白日里,窦昭跟着父亲去云扉银楼时,就特意留意了银楼的布局。她一边假装看首饰,一边默默记着:大堂长五十步、宽四十步,中间隔出三间屋子,支撑屋顶的基柱有八根,从门口到最里面的柜台,总长度约十五丈。
窦昭过目不忘,早就已经画出来一张结构图,阿辞带着人来到密室墙外。
阿辞挥手,“就是这,埋好了立刻点火!”
这云扉银楼里面一定是场鸿门宴,宋墨进去的时间越久,就越会有危险。
此刻,堂内还在紧张对峙中。
地动山摇的火药爆炸声从脚下传来、房间亦不杂晃动,浓烟散布,无数火箭射入屋中。
屋外高喊道。
“墙炸了!走水了!”
因爆炸与起火,不少附近百姓惊醒出屋,却见宋墨披若辽王一同飞身落地。
陆鸣跑到宋墨身旁,亮出契书册。
“所有的契书都在此。”
金銮殿内烛火摇曳,宋墨血染的衣袍在青砖上拖出蜿蜒痕迹,强撑着饮尽卢院判递来的汤药。
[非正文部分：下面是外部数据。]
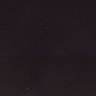
Metastatic tissue present: no
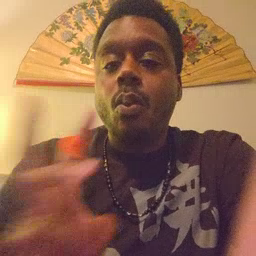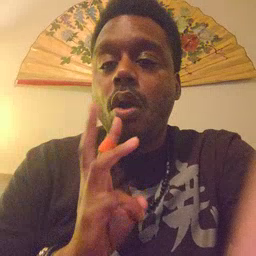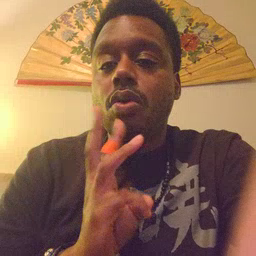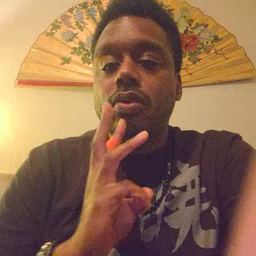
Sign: water
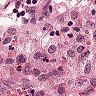
Metastatic tissue present: no
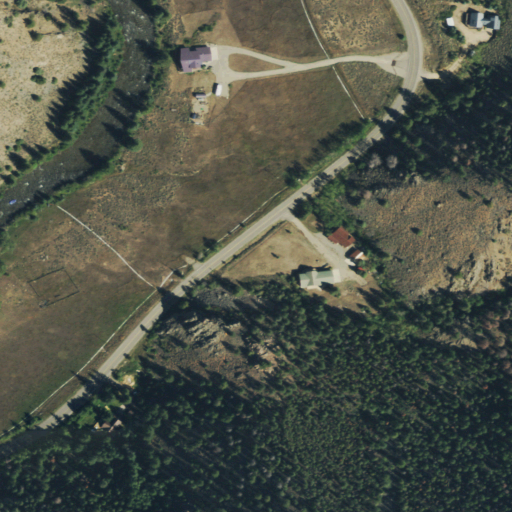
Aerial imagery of valley in Colorado named Tepee Gulch containing evergreen forest, shrub, open development, medium intensity development, woody wetlands, deciduous forest, and open water

一旁庆王跪伏在地,脸上青紫交错,却仍梗着脖子高声辩解:"父皇明察!宋墨蓄意纵火,儿臣若不拔剑自卫,早已命丧当场!"
"够了!"皇帝重重拍案,龙袍袖口扫落案上奏折,"这岂是皇室子弟该说的话?"
宋墨猛地挺直脊背,染血的手掌呈上密函:"庆王结党营私、大肆贪墨,借云扉银楼之名拉拢朝臣,致使吏治腐败、民不聊生。这是涉事名册与契书,请陛下圣裁!"

宋墨,你少在这里血口喷人!你口中的‘重臣’,莫不是那些之前弹劾太子的人?你撺掇本王与皇兄相争,不过是为了报你舅舅定国公的私仇罢了!你以为凭着这些伪造的东西,就能扳倒本王?”

"若为复仇,臣何必留殿下性命在此狡辩?"

"手印与签章作不得假,账册上数百万两的去向,桩桩件件都有凭证。恳请陛下彻查!"
话音未落,皇帝已剧烈咳嗽起来,指节攥着龙椅扶手泛白。
汪渊慌忙扶住皇帝,低声劝阻:"宋世子,此事牵连甚广,陛下龙体欠安......"
就在这时,殿外传来急促脚步声,几位王爷神色匆匆闯入,殿内气氛瞬间凝滞如冰。
烛火在众人脸上投下明暗交错的阴影,一场更大的风暴,似乎正在这压抑的寂静中悄然酝酿。
寒风卷着枯叶掠过宫墙,窦昭不知何时出现在阿辞身侧,望着鱼贯而入的朝臣,语气凝重:“这些人都是冲着宋墨来的。进去只有一件事——弹劾。”
阿辞望着朱漆宫门,
“我早该料到,想单凭那些证据扳倒庆王,谈何容易……”

窦昭转身凝视她苍白的脸,轻声问:“后悔了吗?若此刻离开,还能与他撇清关系。就算宋墨获罪,你也能保全自身。”
(坚定)“我信他,也信陛下自有公断。”

窦昭不再多言,只默默立在她身侧,任冷风吹散两人鬓间碎发。